Капитан охотно кивнул:

— Готовьте, — а сам, присев на валун, принялся в блокноте править расчеты. И вскоре вторая мина полетела на встречу с японцами. В этот раз она упала прямо в цепи ползущих на редут. Кого-то из них убило взрывной волной, кого-то свалило на землю, а кого-то посекло острыми камнями и осколками.

— Еще одну! — возбужденно прикрикнул капитан, — Готовь!

— Готово, вашбродь!

— Опускай!

И следующая полетела, шурша оперением по воздуху. И эта опустилась прямо на головы японцев, выкашивая густые цепи словно косой.

С редута открыли ружейный огонь. Слишком слабый и разрозненный. Японские пушки сильно проредили наших защитников, да и подмога еще не успела подойти.
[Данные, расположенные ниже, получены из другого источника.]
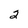
Character: 2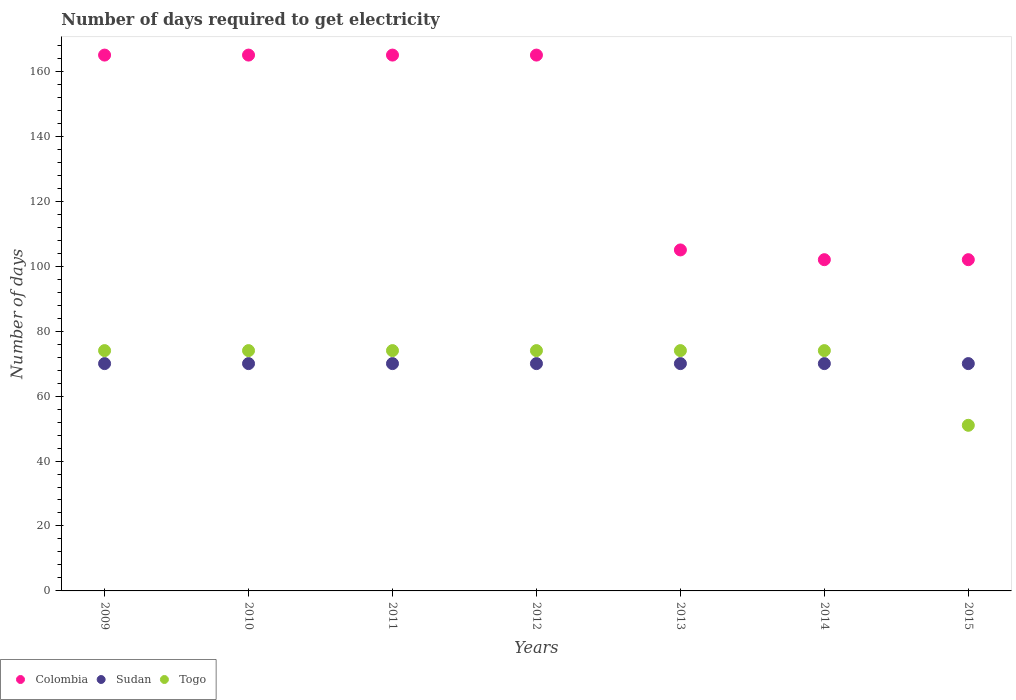
| Years | Colombia | Sudan | Togo |
 | --- | --- | --- | --- |
 | 2009 | 165 | 70 | 74 |
 | 2010 | 165 | 70 | 74 |
 | 2011 | 165 | 70 | 74 |
 | 2012 | 165 | 70 | 74 |
 | 2013 | 105 | 70 | 74 |
 | 2014 | 102 | 70 | 74 |
 | 2015 | 102 | 70 | 51 |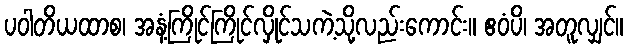
ပဝါတိယထာစ၊ အနံ့ကြိုင်ကြိုင်လှိုင်သကဲ့သို့လည်းကောင်း။ ဧဝံပိ၊ အတူလျှင်။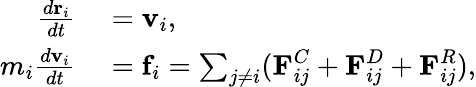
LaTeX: \begin{array}{rl}{\frac{d\textbf{r}_{i}}{dt}}&{{}=\textbf{v}_{i},}\\ {m_{i}\frac{d\textbf{v}_{i}}{dt}}&{{}=\textbf{f}_{i}=\sum_{j\neq i}(\textbf{F}_{ij}^{C}+\textbf{F}_{ij}^{D}+\textbf{F}_{ij}^{R}),}\end{array}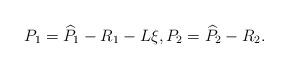
LaTeX: \begin{align*}P_1=\widehat{P}_1-R_1-L\xi,P_2=\widehat{P}_2-R_2.\end{align*}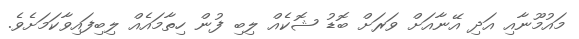
މައުމޫނާއި އަދި އޭނާއަށް ވަރަށް ބޮޑު ޝޮކެއް ލިބި ފުން ހިތާމައެއް ލިބިފައިވާކަމަށެވެ.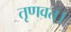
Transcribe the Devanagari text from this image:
तृणवत्।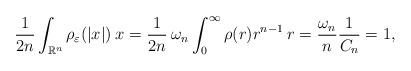
LaTeX: \begin{align*}\frac{1}{2n}\int_{\mathbb{R}^n}\rho_\varepsilon(|x|)\:x = \frac{1}{2n}\:\omega_n\int_{0}^\infty\rho(r)r^{n-1}\:r = \frac{\omega_n}{n}\frac{1}{C_n} = 1,\end{align*}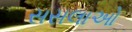
સસલાઓ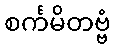
စင်္ကမိတဗ္ဗံ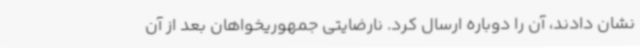
نشان دادند، آن را دوباره ارسال کرد. نارضایتی جمهوریخواهان بعد از آن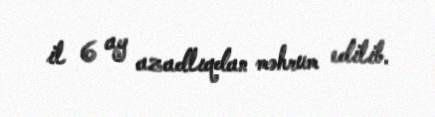
il 6 ay azadlıqdan məhrum edilib.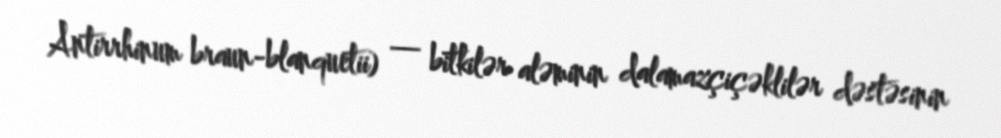
Antirrhinum braun-blanquetii) — bitkilər aləminin dalamazçiçəklilər dəstəsinin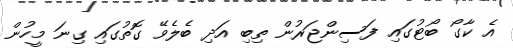
އެ ކާގޯ ބޯޓުގައި ފަސިންޖަރުން ތިބި އަދި ބެލެވޭ ގޮތުގައި ގިނަ މީހުން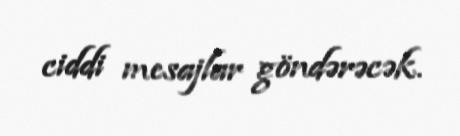
ciddi mesajlar göndərəcək.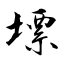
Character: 墂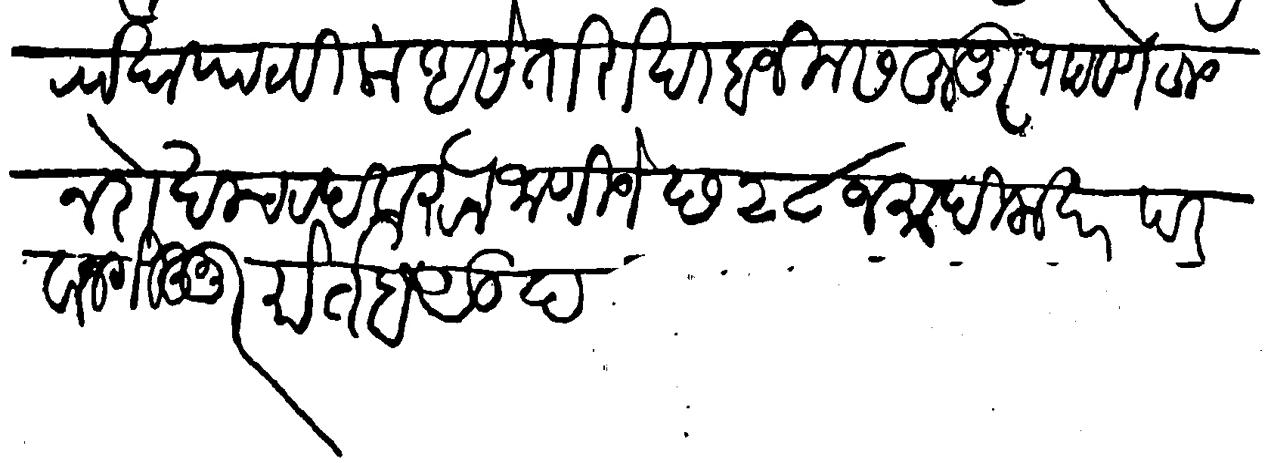
Transliteration (Devanagari): रोखा पाठविला असे तो रोखा वजिनस हुजूर पाठवणे हुजरु न रोखाच रद करुन जाणिजे छ २८ जमादिलाखर परवानगी हुजूर मोर्तब सुद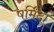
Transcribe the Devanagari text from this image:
षर्मिंदा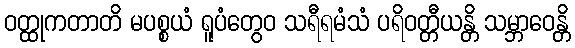
ဝတ္ထုကတာတိ မပစ္စယံ ရူပံတွေဝ သရီရမံသံ ပရိဝတ္တီယန္တိ သမ္ဘာဝေန္တိ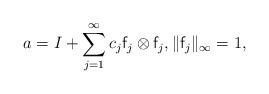
LaTeX: \begin{align*}a=I+\sum_{j=1}^\infty c_j \mathsf{f}_j \otimes \mathsf{f}_j, \|\mathsf{f}_j\|_\infty=1,\end{align*}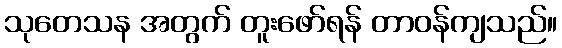
သုတေသန အတွက် တူးဖော်ရန် တာဝန်ကျသည်။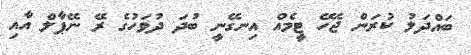
ބައްދަލު ކުރަން ޖެހޭ ޓީމެއް އިނގޭނީ ބުދަ ދުވަހުގެ ރޭ ނޭޕާލް އާއި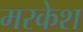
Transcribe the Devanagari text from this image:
मरकेश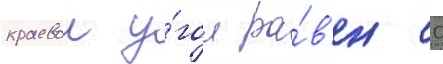
краевои у́гол ра́в'ен 0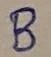
Text: B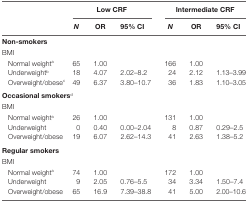
<table><thead><tr><td></td><td colspan="3"><b>Low CRF</b></td><td colspan="3"><b>Intermediate CRF</b></td></tr><tr><td></td><td><b><i>N</i></b></td><td><b>OR</b></td><td><b>95% CI</b></td><td><b><i>N</i></b></td><td><b>OR</b></td><td><b>95% CI</b></td></tr></thead><tbody><tr><td colspan="7"><b>Non-smokers</b></td></tr><tr><td colspan="7">BMI</td></tr><tr><td> Normal weight<sup>a</sup></td><td>65</td><td>1.00</td><td></td><td>166</td><td>1.00</td><td></td></tr><tr><td> Underweight<sup>b</sup></td><td>18</td><td>4.07</td><td>2.02–8.2</td><td>24</td><td>2.12</td><td>1.13–3.99</td></tr><tr><td> Overweight/obese<sup>c</sup></td><td>49</td><td>6.37</td><td>3.80–10.7</td><td>36</td><td>1.83</td><td>1.10–3.05</td></tr><tr><td colspan="7"><b>Occasional smokers<sup>d</sup></b></td></tr><tr><td colspan="7">BMI</td></tr><tr><td> Normal weight<sup>a</sup></td><td>26</td><td>1.00</td><td></td><td>131</td><td>1.00</td><td></td></tr><tr><td> Underweight</td><td>0</td><td>0.40</td><td>0.00–2.04</td><td>8</td><td>0.87</td><td>0.29–2.5</td></tr><tr><td> Overweight/obese</td><td>19</td><td>6.07</td><td>2.62–14.3</td><td>41</td><td>2.63</td><td>1.38–5.2</td></tr><tr><td colspan="7"><b>Regular smokers</b></td></tr><tr><td colspan="7">BMI</td></tr><tr><td> Normal weight<sup>a</sup></td><td>74</td><td>1.00</td><td></td><td>172</td><td>1.00</td><td></td></tr><tr><td> Underweight</td><td>9</td><td>2.05</td><td>0.76–5.5</td><td>34</td><td>3.34</td><td>1.50–7.4</td></tr><tr><td> Overweight/obese</td><td>65</td><td>16.9</td><td>7.39–38.8</td><td>41</td><td>5.00</td><td>2.00–10.6</td></tr></tbody></table>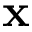
\mathbf { x }

Противник ответил своим огнем и ускорил подъем. Офицеры орали на подчиненных, подгоняли, заставляли изо всех сил карабкаться вверх. И было понятно, что совсем скоро редут падет — слишком уж слаб был наш огонь.

— Готовь! — снова скомандовал капитан, торопясь до сумерек расстрелять весь боезапас.

— Готово, вашбродь!

— Опускай!

Миномет хагнул и пыльный тюльпан расцвел уже за спинами японцев. Капитан припал к орудию, подправил прицел.

— Готово, вашбродь!

— Опускай!

За пять минут расчет расстрелял с десяток мин. Взрывы косили противника, кромсали на части, но он, противник, все лез и лез. Пер словно цунами, непреодолимой силой забираясь на гору. Отстреливался, прятался за камнями и короткими перебежками подбирался для решительного броска. Солнце уже скрылось за сопками и стало быстро темнеть. Еще совсем чуть-чуть и наше орудие станет бесполезно. И капитан решил ускориться. Прикрикнул на своих солдат:

— Живее, коровы беременные!

— Готово!

— Опускай!

Двое солдат бросили мину в жерло орудия и… выстрела не последовало, капсюль не сработал. Не оборачиваясь, капитан рявкнул:

— Чего возитесь?! Опускай!

— Осечка, вашбродь, — растерянно ответил ему солдат.

— Чего мелешь, какая осечка?

— Ну, так вот…, - бессильно развел руками ответивший, показывая на дымящийся медный ствол.

В самую пору было выматериться. Оставалось еще несколько мин и едва ли с десяток минут быстро сгущающихся сумерек. И это осечка лишала Водопроводный нашей помощи.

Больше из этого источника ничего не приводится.